Data items
-------

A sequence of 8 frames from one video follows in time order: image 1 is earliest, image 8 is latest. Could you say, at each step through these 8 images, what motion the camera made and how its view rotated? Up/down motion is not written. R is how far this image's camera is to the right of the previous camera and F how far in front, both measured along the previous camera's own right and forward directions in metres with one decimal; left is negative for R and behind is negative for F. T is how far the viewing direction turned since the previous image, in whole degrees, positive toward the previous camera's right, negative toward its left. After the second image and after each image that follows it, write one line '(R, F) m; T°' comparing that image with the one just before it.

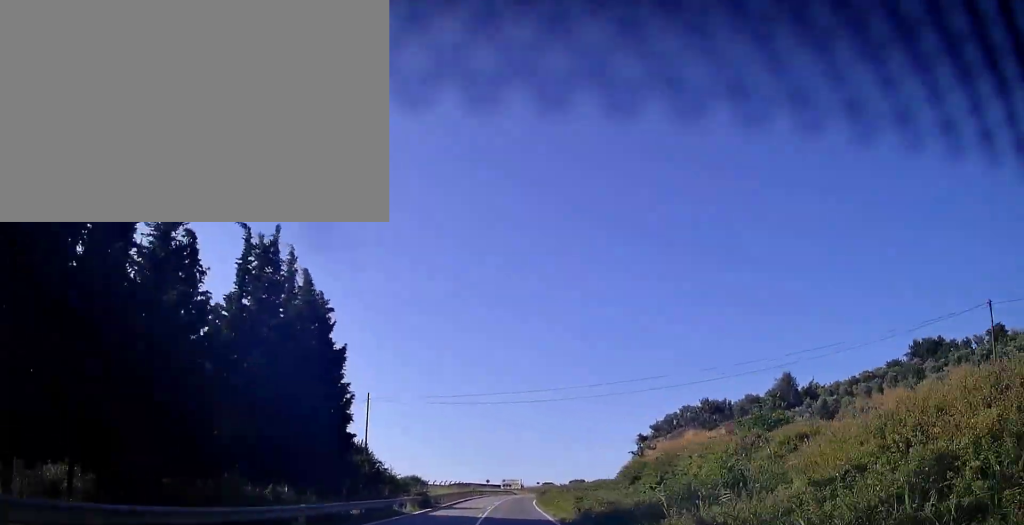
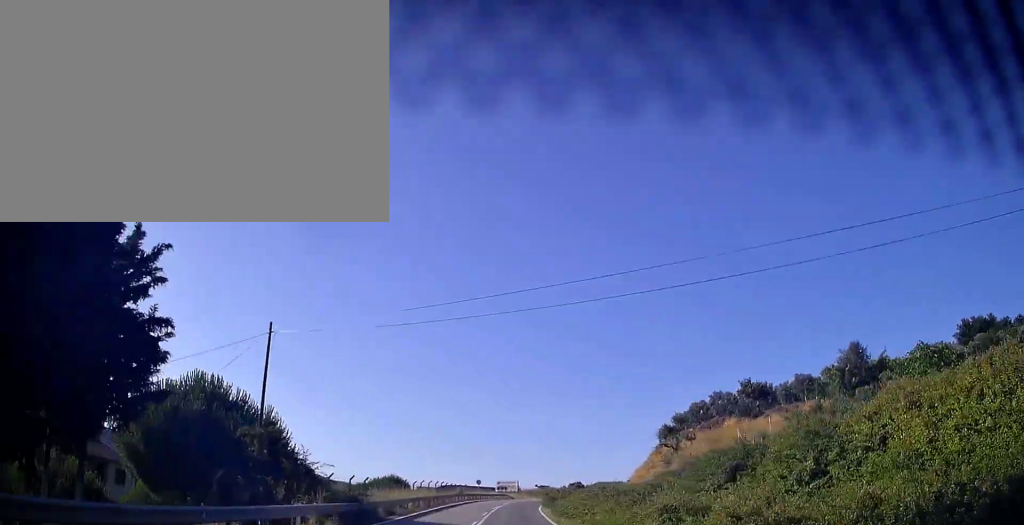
(0.0, +17.7) m; 0°
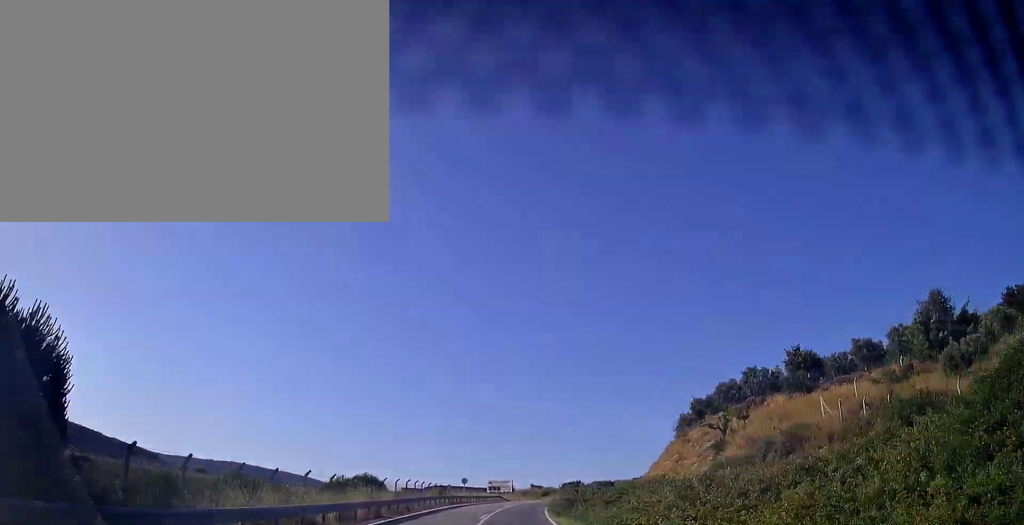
(+0.1, +15.2) m; 0°
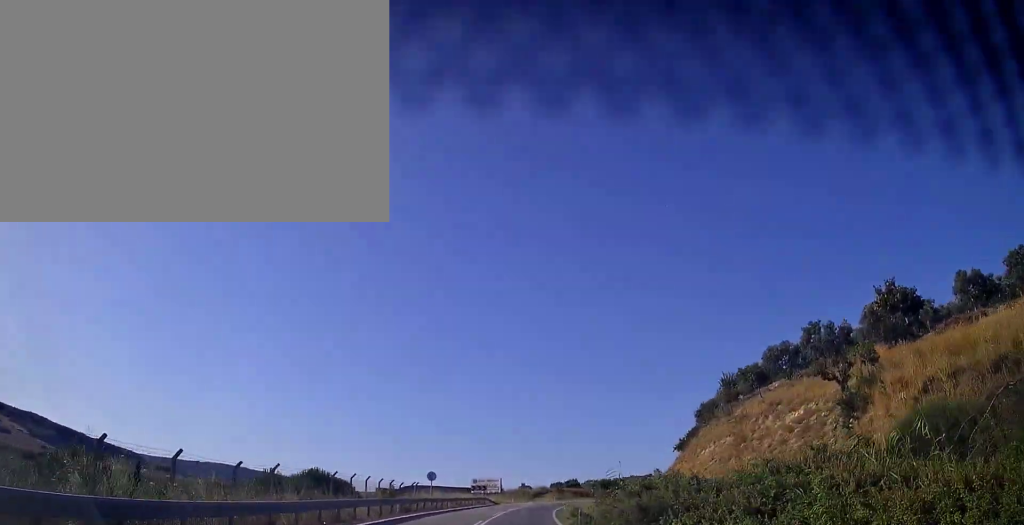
(0.0, +18.5) m; +1°
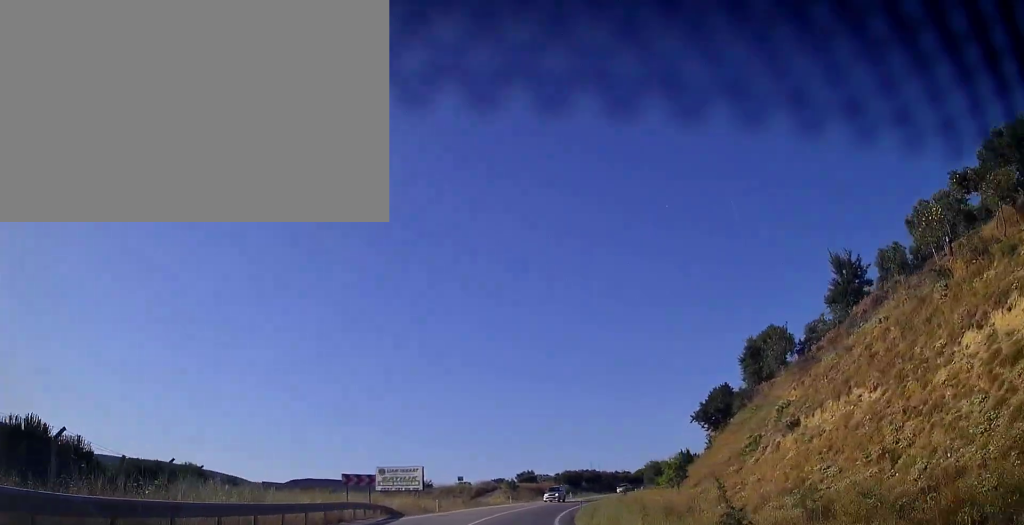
(+1.6, +39.4) m; +5°
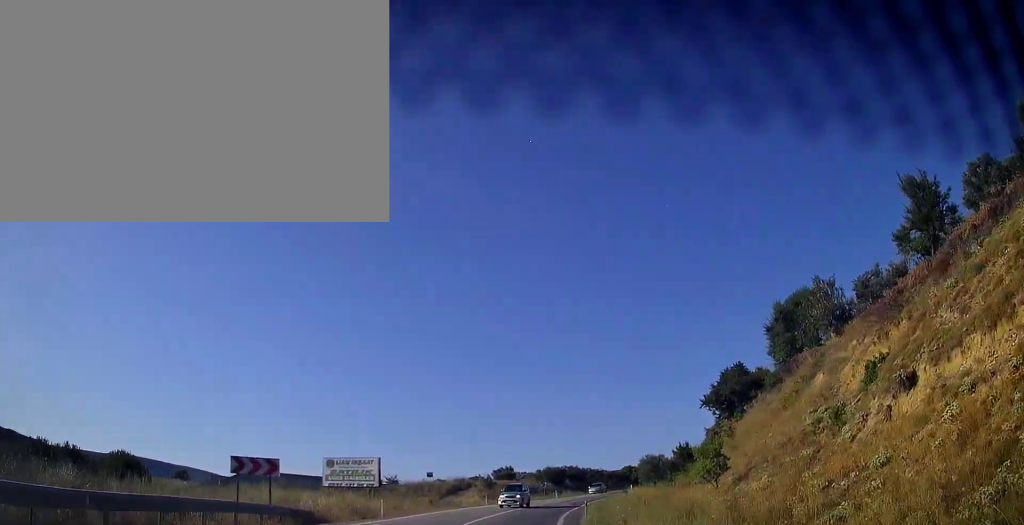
(+0.2, +11.4) m; +2°
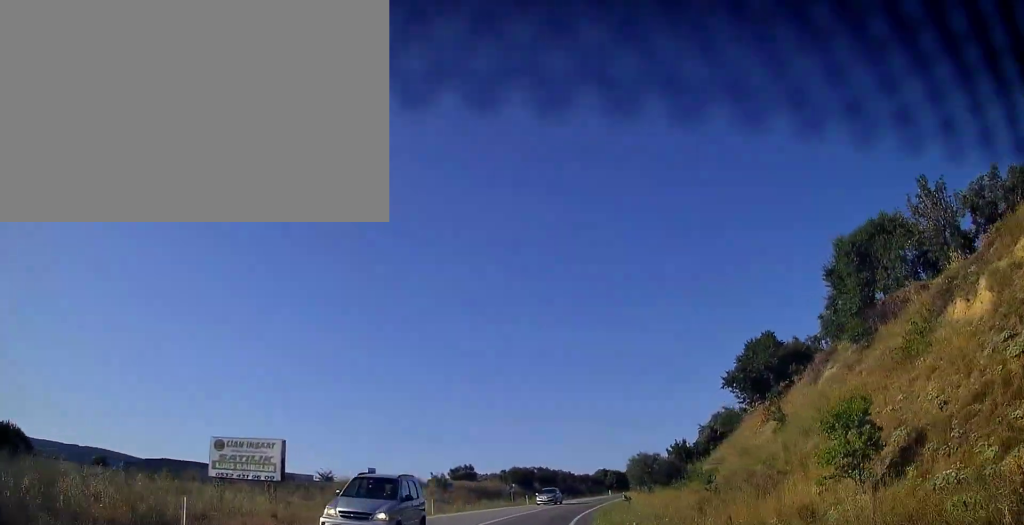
(+0.3, +15.3) m; +3°
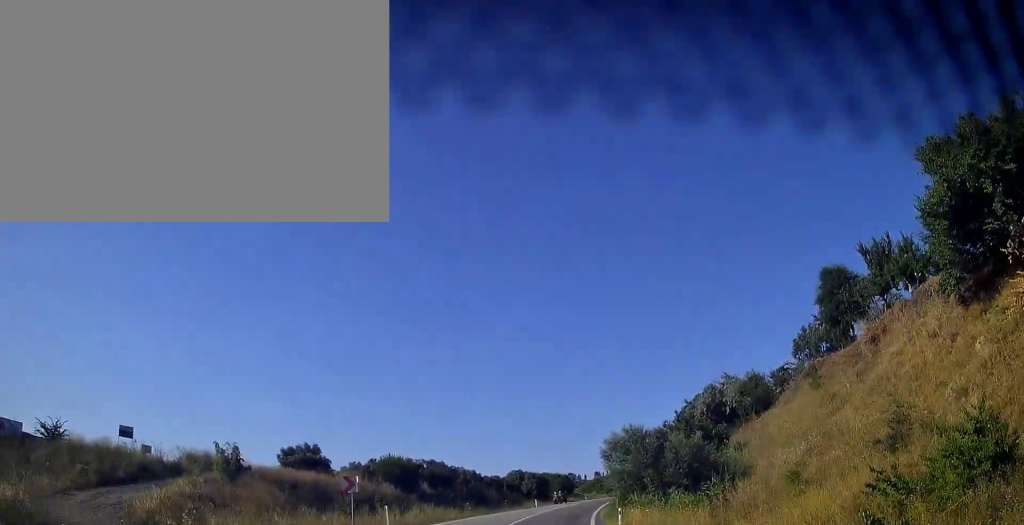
(+2.5, +33.2) m; +9°

-------

YOUR TASK -
Write the records out again in full, exactly, and skip every picture.

SOLUTION TO THIS TASK -
A sequence of 8 frames from one video follows in time order: image 1 is earliest, image 8 is latest. Could you say, at each step through these 8 images, what motion the camera made and how its view rotated? Up/down motion is not written. R is how far this image's camera is to the right of the previous camera and F how far in front, both measured along the previous camera's own right and forward directions in metres with one decimal; left is negative for R and behind is negative for F. T is how far the viewing direction turned since the previous image, in whole degrees, positive toward the previous camera's right, negative toward its left. After the second image and after each image that follows it, write one line '(R, F) m; T°' comparing that image with the one just before it.

(0.0, +17.7) m; 0°
(+0.1, +15.2) m; 0°
(0.0, +18.5) m; +1°
(+1.6, +39.4) m; +5°
(+0.2, +11.4) m; +2°
(+0.3, +15.3) m; +3°
(+2.5, +33.2) m; +9°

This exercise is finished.